Starting at the first line of the data, print every line up to and including the one with "చేతనే నాకిప్పుడు బుద్ధివచ్చినది.", but no pictures.

── DATA BELOW

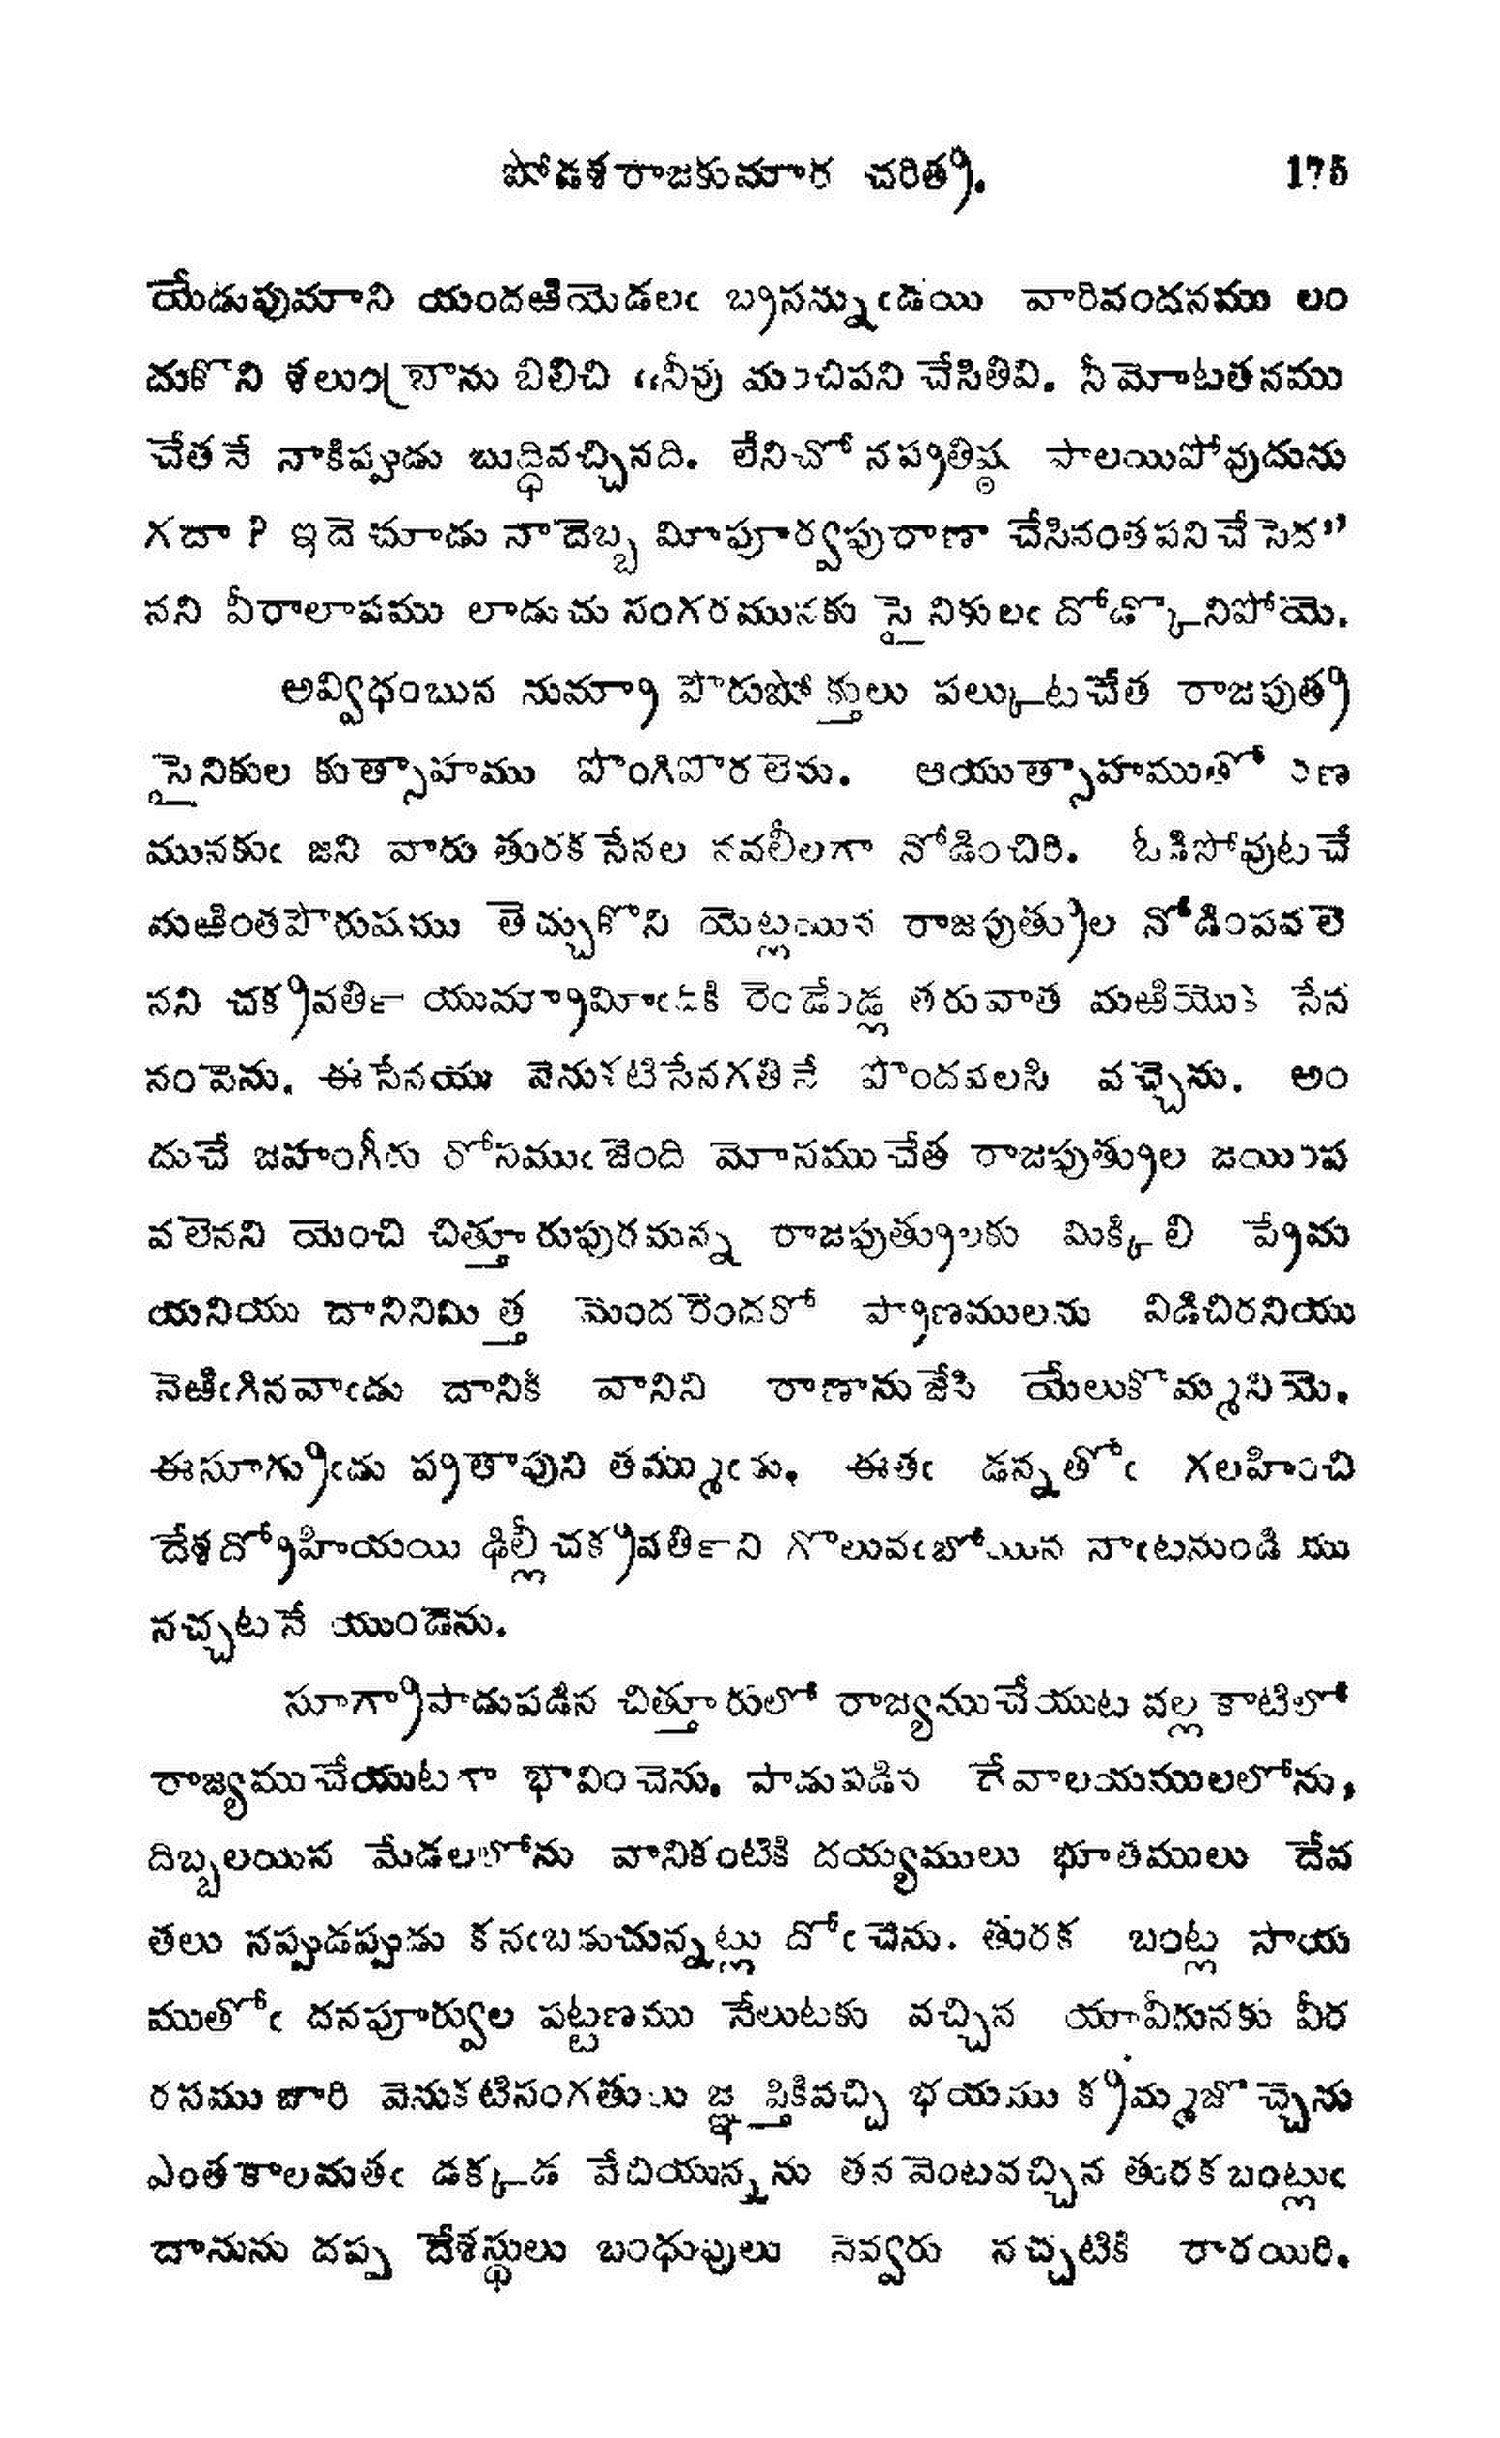యేడుపుమాని యందఱి యెడలఁ బ్రసన్నుఁడయి వారివందనము లందుకొని శలుంబ్రాను బిలిచి "నీవు మంచిపని చేసితివి.నీమోటతనము
చేతనే నాకిప్పుడు బుద్ధివచ్చినది. లేనిచో నప్రతిష్ఠ పాలయిపోవుదును గదా? ఇదె చూడు నాదెబ్బ మీపూర్వపురాణా చేసినంతపనిచేసెద"నని వీరాలాపము లాడుచు సంగరమునకు సైనికులఁ దోడ్కొనిపోయె.

అవ్విధంబున నుమ్రా పౌరుషోక్తులు పల్కుటచేత రాజపుత్ర సైనికుల కుత్సాహము పొంగిపొరలెను. ఆయుత్సాహముతో రణమునకుఁ జని వారు తురకసేనల నవలీలగా నోడించిరి. ఓడిపోవుటచే మఱింతపౌరుషము తెచ్చుకొని యెట్లయిన రాజపుత్రుల నోడింపవలెనని చక్రవతి౯ యుమ్రామీఁదికి రెండేండ్ల తరువాత మఱియొక సేన నంపెను. ఈ సేనయు వెనుకటిసేనగతినే పొందవలసి వచ్చెను. అందుచే జహంగీరు రోసముఁజెంది మోసము చేత రాజపుత్రుల జయింపవలెనని యెంచి చిత్తూరుపురమన్న రాజపుత్రులకు మిక్కిలి ప్రేమయనియు దానినిమిత్త మెంద రెందరో ప్రాణములను విడిచిరనియు నెఱిఁగినవాఁడు దానికి వానిని రాణాను జేసి యేలుకొమ్మనియె. ఈసూగ్రుఁడు ప్రతాపుని తమ్ముఁడు, ఈతఁ డన్నతోఁ గలహించి దేశద్రోహియయి ఢిల్లీచక్రవతి౯కాని గొలువఁబోయిన నాఁటనుండియు నచ్చటనే యుండెను.

సూగ్రాపాడుపడిన చిత్తూరులో రాజ్యముచేయుట వల్లకాటిలో రాజ్యముచేయుటగా భావించెను. పాడుపడిన దేవాలయములలోను, దిబ్బలయిన మేడలలోను వానికంటికి దయ్యములు భూతములు దేవతలు నప్పుడప్పుడు కనఁబడుచున్నట్లు దోఁచెను. తురక బంట్ల సాయముతోఁ దన పూర్వుల పట్టణము నేలుటకు వచ్చిన యావీరునకు వీర రసము జారి వెనుకటిసంగతులు జ్ఞప్తికివచ్చి భయము క్రమ్మజోచ్చెను ఎంతకాలమతఁ డక్కడ వేచియున్నను తనవెంటవచ్చిన తురక బంట్లుఁ దానును దప్ప దేశస్థులు బంధువులు నెవ్వరు నచ్చటికి రారయిరి.

────

EXERCISE OUTPUT »
యేడుపుమాని యందఱి యెడలఁ బ్రసన్నుఁడయి వారివందనము లందుకొని శలుంబ్రాను బిలిచి "నీవు మంచిపని చేసితివి.నీమోటతనము
చేతనే నాకిప్పుడు బుద్ధివచ్చినది. లేనిచో నప్రతిష్ఠ పాలయిపోవుదును గదా? ఇదె చూడు నాదెబ్బ మీపూర్వపురాణా చేసినంతపనిచేసెద"నని వీరాలాపము లాడుచు సంగరమునకు సైనికులఁ దోడ్కొనిపోయె.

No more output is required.